* [Prompt]:
Find the lines in the records that carry the word "viewBox". Copy each one.

* [Data to process]:
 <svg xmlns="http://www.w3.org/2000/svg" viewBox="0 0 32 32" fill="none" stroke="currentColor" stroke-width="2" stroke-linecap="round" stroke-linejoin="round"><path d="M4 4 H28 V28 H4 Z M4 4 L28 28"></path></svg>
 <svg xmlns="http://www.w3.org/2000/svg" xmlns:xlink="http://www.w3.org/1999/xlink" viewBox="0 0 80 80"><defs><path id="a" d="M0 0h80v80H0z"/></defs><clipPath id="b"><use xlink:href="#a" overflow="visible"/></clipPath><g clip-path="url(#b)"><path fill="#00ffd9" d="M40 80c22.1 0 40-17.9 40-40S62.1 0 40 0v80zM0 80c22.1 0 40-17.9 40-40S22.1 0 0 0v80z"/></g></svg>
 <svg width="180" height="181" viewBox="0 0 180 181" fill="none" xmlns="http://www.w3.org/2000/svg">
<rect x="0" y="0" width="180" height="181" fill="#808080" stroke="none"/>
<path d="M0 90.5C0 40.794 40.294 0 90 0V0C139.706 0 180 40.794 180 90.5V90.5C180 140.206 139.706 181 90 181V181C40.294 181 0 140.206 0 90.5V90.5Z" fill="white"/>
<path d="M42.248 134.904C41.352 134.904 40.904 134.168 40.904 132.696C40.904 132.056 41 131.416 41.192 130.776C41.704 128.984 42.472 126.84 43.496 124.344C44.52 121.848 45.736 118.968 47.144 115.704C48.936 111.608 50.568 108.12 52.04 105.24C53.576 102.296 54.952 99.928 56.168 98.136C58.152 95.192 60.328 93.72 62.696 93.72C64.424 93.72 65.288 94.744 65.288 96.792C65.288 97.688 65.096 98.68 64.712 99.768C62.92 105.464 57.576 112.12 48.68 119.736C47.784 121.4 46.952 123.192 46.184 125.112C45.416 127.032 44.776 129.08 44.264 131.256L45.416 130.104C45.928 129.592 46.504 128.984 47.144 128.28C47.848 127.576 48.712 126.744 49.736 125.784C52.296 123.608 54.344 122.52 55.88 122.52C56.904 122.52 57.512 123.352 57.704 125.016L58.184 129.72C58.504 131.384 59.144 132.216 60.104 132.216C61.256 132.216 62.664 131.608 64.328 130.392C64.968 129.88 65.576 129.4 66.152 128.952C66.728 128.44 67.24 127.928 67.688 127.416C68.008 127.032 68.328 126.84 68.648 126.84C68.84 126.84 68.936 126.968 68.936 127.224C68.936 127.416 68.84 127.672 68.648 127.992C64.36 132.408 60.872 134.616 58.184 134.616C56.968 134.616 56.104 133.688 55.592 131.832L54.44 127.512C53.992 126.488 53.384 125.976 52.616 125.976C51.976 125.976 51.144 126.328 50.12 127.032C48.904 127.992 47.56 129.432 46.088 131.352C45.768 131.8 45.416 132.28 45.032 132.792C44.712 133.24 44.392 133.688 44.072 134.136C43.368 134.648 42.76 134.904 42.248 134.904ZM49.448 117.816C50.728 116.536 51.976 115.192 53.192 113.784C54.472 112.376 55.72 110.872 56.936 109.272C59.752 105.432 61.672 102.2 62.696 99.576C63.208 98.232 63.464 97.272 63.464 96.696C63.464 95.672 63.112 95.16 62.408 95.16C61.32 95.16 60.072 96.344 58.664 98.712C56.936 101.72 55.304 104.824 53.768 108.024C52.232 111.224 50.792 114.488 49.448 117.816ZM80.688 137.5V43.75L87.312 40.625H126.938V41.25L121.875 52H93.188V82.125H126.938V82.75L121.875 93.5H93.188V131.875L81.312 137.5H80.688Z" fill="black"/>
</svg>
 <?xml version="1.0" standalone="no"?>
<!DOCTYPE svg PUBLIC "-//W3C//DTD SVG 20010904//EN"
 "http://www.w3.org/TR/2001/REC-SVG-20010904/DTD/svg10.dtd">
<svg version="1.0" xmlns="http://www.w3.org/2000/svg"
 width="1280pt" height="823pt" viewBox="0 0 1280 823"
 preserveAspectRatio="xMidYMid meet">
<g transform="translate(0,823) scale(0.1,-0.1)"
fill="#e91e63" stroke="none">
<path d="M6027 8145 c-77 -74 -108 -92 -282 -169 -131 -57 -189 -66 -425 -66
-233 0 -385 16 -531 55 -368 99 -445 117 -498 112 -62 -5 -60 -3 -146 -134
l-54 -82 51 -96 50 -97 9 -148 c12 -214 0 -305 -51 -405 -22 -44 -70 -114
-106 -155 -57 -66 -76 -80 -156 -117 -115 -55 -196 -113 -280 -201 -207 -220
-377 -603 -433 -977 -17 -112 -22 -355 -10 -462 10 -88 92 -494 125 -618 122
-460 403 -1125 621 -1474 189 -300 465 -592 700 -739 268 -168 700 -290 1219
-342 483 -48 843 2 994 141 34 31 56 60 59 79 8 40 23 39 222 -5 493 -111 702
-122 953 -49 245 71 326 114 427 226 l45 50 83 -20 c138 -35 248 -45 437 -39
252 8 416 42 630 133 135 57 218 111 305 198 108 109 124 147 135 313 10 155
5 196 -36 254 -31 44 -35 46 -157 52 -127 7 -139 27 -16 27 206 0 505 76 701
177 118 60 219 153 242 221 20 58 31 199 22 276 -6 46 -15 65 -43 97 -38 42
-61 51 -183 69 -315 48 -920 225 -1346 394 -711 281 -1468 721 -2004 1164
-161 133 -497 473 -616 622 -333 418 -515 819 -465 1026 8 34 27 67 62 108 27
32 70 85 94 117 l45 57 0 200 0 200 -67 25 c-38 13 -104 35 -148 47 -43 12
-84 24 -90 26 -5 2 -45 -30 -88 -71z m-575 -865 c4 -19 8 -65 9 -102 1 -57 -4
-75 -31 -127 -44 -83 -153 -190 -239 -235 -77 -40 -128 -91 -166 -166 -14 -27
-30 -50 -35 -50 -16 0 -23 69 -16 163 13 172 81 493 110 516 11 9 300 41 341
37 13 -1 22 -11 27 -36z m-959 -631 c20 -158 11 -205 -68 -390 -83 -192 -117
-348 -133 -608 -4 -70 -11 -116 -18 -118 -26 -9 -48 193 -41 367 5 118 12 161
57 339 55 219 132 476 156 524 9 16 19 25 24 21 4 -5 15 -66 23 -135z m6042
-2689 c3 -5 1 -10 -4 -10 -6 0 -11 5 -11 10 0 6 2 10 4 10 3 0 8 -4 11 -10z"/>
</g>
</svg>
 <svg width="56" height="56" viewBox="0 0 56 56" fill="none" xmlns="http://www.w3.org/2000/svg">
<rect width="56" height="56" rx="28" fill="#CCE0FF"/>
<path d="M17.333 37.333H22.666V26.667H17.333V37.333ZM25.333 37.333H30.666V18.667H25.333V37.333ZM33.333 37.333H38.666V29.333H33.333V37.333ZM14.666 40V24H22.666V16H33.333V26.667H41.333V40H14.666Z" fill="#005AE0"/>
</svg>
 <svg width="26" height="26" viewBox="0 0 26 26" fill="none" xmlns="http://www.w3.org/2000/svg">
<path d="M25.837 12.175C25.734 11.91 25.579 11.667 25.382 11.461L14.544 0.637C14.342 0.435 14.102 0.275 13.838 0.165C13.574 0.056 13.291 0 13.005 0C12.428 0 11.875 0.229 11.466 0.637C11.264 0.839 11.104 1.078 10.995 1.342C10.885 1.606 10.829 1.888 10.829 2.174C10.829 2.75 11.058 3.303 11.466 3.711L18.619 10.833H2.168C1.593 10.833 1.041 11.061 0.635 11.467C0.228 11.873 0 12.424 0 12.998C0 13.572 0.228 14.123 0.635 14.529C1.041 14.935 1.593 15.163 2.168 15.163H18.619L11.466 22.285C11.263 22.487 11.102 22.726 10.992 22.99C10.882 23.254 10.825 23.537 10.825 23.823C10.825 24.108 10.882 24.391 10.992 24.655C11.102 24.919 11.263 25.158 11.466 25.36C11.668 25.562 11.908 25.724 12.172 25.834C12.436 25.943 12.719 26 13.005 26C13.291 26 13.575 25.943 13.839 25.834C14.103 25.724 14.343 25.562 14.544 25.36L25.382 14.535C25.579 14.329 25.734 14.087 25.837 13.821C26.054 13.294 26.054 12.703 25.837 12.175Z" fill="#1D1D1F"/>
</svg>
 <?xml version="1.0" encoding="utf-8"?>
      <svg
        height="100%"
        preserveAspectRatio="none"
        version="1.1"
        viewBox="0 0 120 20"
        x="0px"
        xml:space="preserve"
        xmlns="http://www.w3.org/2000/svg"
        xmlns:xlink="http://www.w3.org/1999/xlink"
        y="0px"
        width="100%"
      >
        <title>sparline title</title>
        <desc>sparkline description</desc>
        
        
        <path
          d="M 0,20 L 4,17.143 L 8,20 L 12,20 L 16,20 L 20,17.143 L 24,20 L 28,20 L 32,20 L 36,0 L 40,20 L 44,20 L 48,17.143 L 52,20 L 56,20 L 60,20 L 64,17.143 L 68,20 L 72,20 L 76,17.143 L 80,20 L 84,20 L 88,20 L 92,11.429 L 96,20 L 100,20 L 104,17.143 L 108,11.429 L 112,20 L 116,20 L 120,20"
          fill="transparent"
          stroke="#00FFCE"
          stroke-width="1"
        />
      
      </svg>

* [Solved problem]:
 <svg xmlns="http://www.w3.org/2000/svg" viewBox="0 0 32 32" fill="none" stroke="currentColor" stroke-width="2" stroke-linecap="round" stroke-linejoin="round"><path d="M4 4 H28 V28 H4 Z M4 4 L28 28"></path></svg>
 <svg xmlns="http://www.w3.org/2000/svg" xmlns:xlink="http://www.w3.org/1999/xlink" viewBox="0 0 80 80"><defs><path id="a" d="M0 0h80v80H0z"/></defs><clipPath id="b"><use xlink:href="#a" overflow="visible"/></clipPath><g clip-path="url(#b)"><path fill="#00ffd9" d="M40 80c22.1 0 40-17.9 40-40S62.1 0 40 0v80zM0 80c22.1 0 40-17.9 40-40S22.1 0 0 0v80z"/></g></svg>
 <svg width="180" height="181" viewBox="0 0 180 181" fill="none" xmlns="http://www.w3.org/2000/svg">
 width="1280pt" height="823pt" viewBox="0 0 1280 823"
 <svg width="56" height="56" viewBox="0 0 56 56" fill="none" xmlns="http://www.w3.org/2000/svg">
 <svg width="26" height="26" viewBox="0 0 26 26" fill="none" xmlns="http://www.w3.org/2000/svg">
        viewBox="0 0 120 20"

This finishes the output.